*** ENTRIES SUPPLIED ***

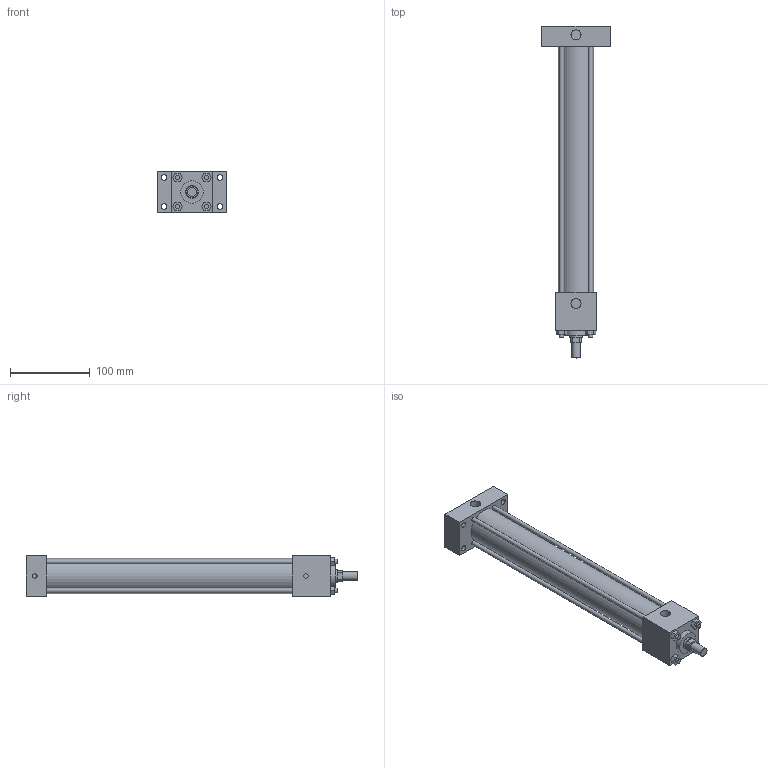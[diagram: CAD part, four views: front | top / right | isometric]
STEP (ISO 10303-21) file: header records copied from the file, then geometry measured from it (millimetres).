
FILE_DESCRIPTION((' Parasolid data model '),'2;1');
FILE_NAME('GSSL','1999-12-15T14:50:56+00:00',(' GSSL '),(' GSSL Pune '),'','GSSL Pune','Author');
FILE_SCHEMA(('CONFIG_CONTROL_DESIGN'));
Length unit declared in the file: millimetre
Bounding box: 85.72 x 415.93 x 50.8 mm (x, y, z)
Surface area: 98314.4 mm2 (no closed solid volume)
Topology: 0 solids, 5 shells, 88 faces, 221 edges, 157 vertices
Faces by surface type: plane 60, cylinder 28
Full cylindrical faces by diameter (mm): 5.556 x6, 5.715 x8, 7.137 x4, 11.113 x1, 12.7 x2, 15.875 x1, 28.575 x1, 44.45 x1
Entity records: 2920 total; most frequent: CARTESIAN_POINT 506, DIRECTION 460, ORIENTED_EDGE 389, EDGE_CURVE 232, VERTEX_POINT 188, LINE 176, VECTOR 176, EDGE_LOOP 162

*** End of ENTRIES SUPPLIED ***

▶ [TASK BRIEF]: The line with "STEP (ISO 10303-21)" and every line after it up to the end of the entries: output those exactly, and only those.

▶ [ANSWER SECTION]:
STEP (ISO 10303-21) file: header records copied from the file, then geometry measured from it (millimetres).
FILE_DESCRIPTION((' Parasolid data model '),'2;1');
FILE_NAME('GSSL','1999-12-15T14:50:56+00:00',(' GSSL '),(' GSSL Pune '),'','GSSL Pune','Author');
FILE_SCHEMA(('CONFIG_CONTROL_DESIGN'));
Length unit declared in the file: millimetre
Bounding box: 85.72 x 415.93 x 50.8 mm (x, y, z)
Surface area: 98314.4 mm2 (no closed solid volume)
Topology: 0 solids, 5 shells, 88 faces, 221 edges, 157 vertices
Faces by surface type: plane 60, cylinder 28
Full cylindrical faces by diameter (mm): 5.556 x6, 5.715 x8, 7.137 x4, 11.113 x1, 12.7 x2, 15.875 x1, 28.575 x1, 44.45 x1
Entity records: 2920 total; most frequent: CARTESIAN_POINT 506, DIRECTION 460, ORIENTED_EDGE 389, EDGE_CURVE 232, VERTEX_POINT 188, LINE 176, VECTOR 176, EDGE_LOOP 162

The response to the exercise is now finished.